◆ How to complete this task ◆
Would you retype the whole listing verbatim, keeping pictures out of it?

━━━━━━━━━━━━━━━━

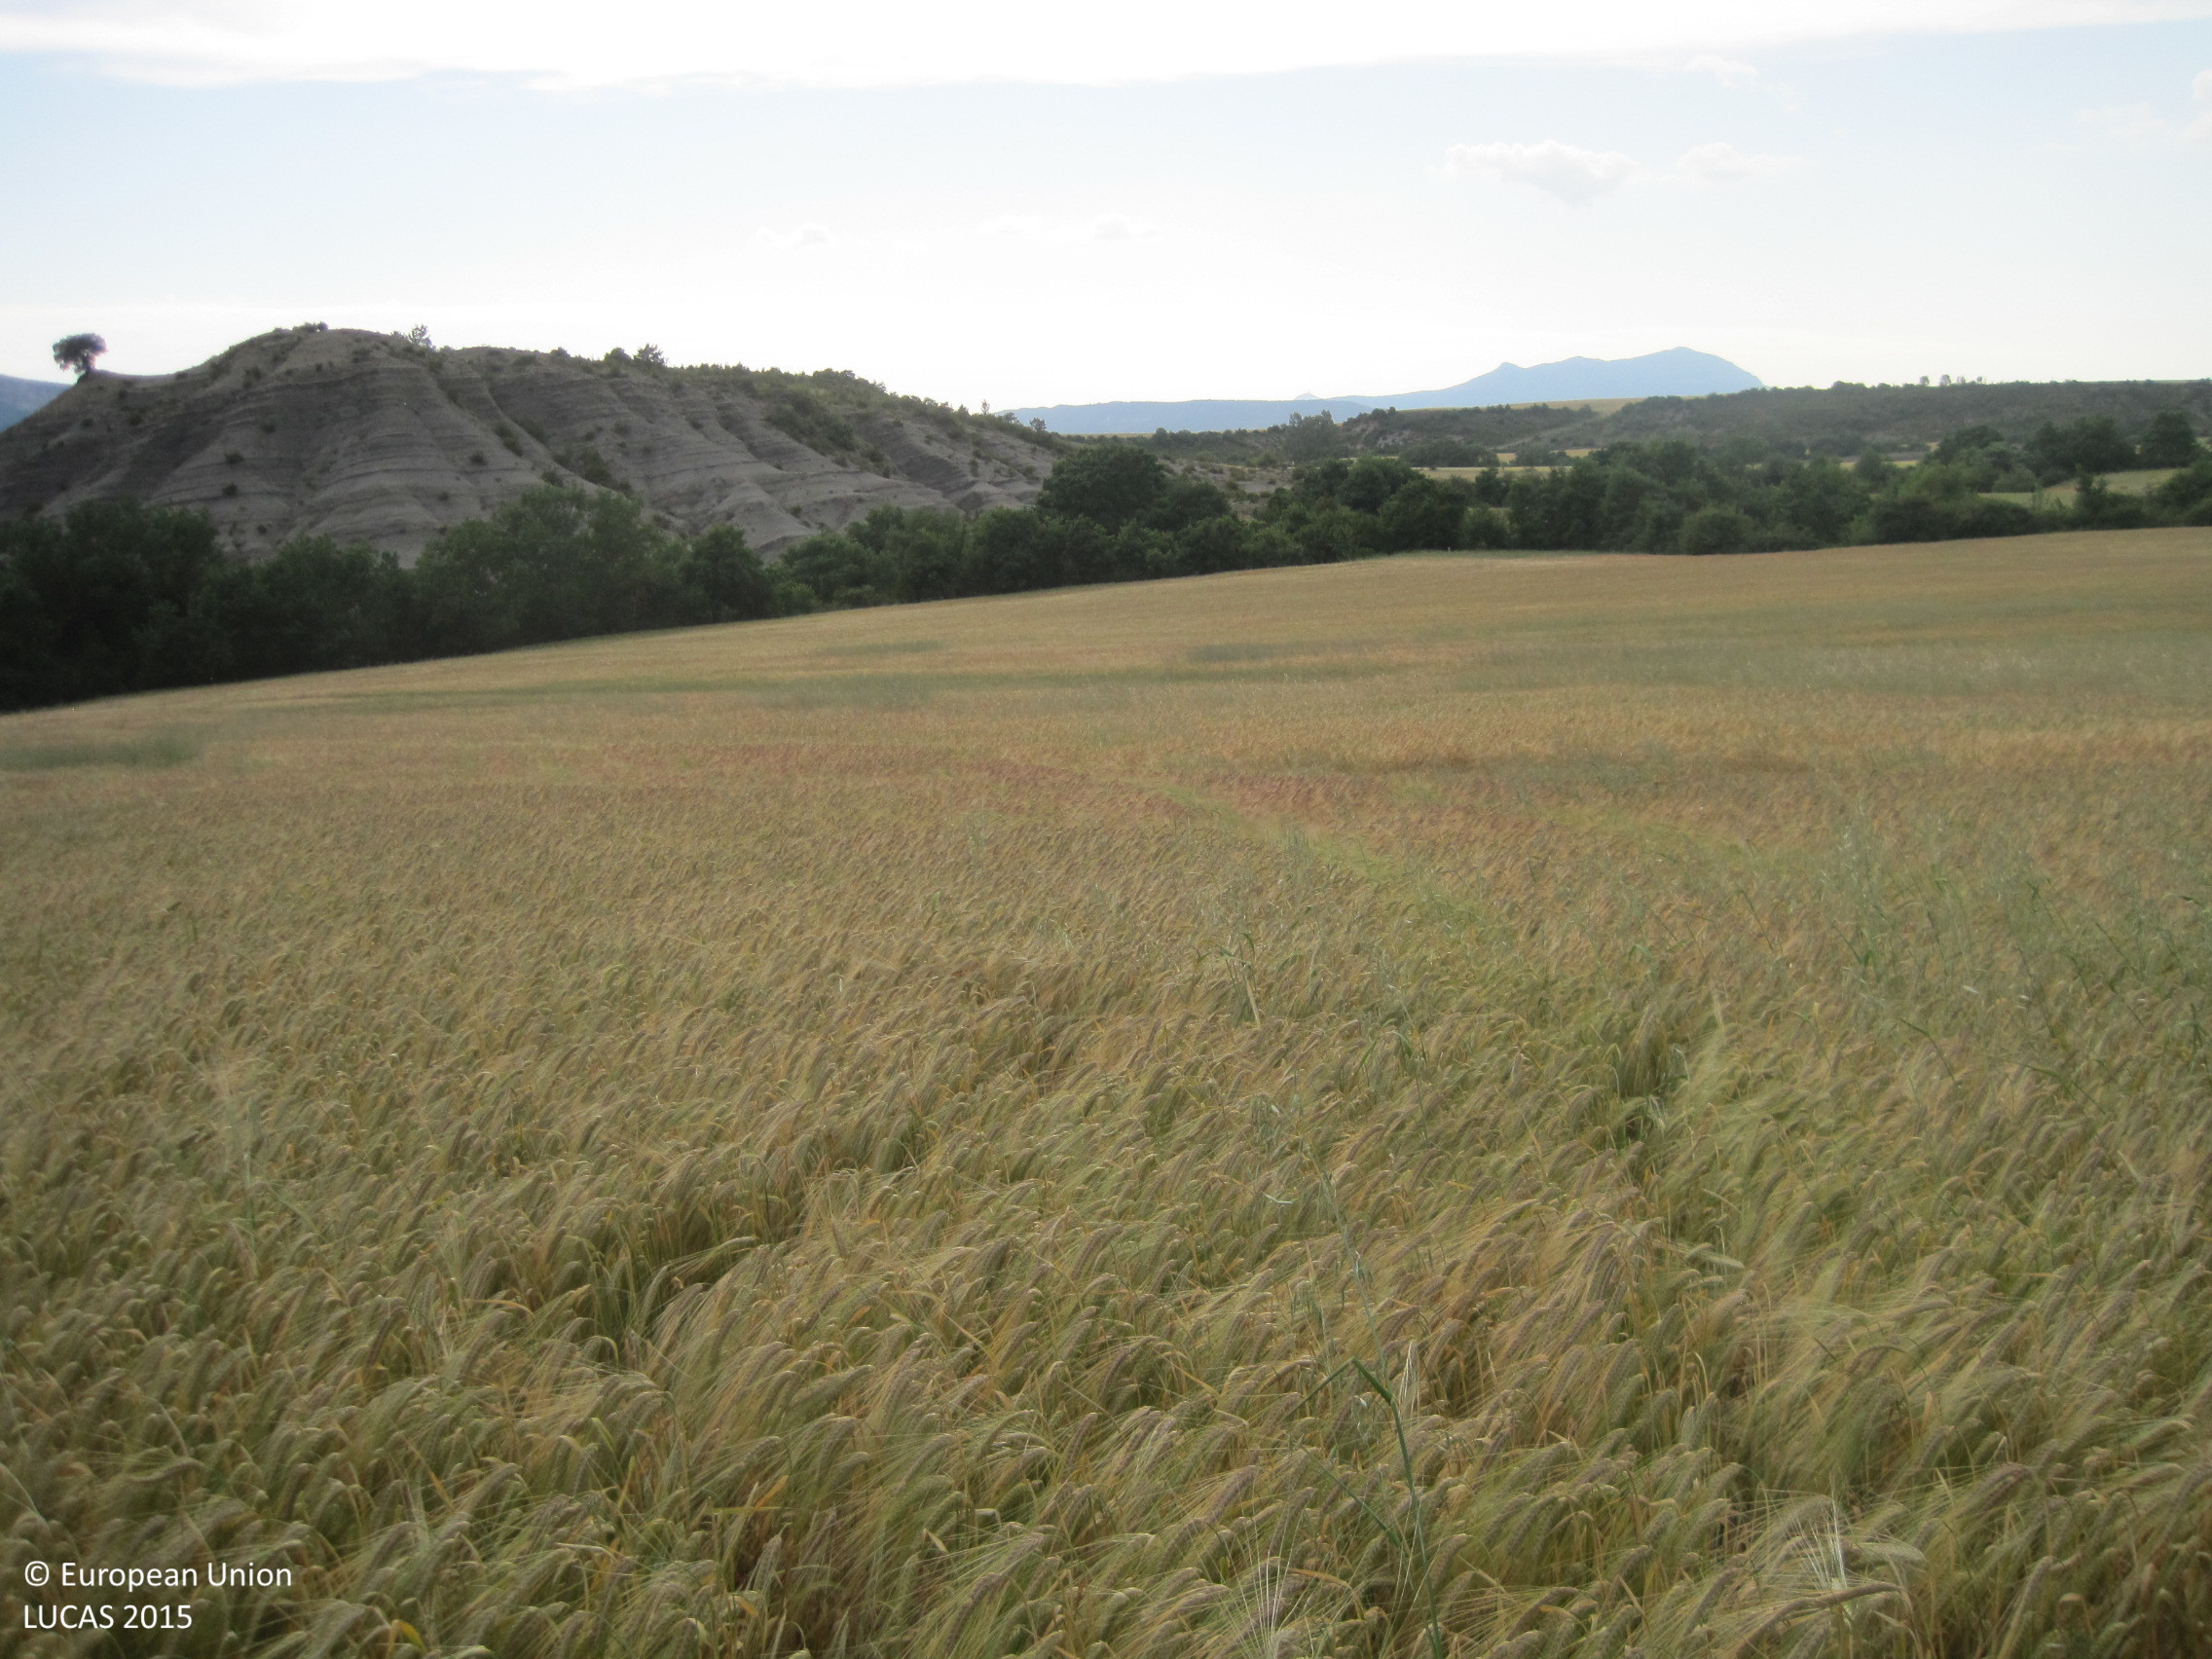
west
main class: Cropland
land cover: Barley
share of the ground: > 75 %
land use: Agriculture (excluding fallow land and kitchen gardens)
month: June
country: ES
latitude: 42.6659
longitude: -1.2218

━━━━━━━━━━━━━━━━

◆ Solution ◆
west
main class: Cropland
land cover: Barley
share of the ground: > 75 %
land use: Agriculture (excluding fallow land and kitchen gardens)
month: June
country: ES
latitude: 42.6659
longitude: -1.2218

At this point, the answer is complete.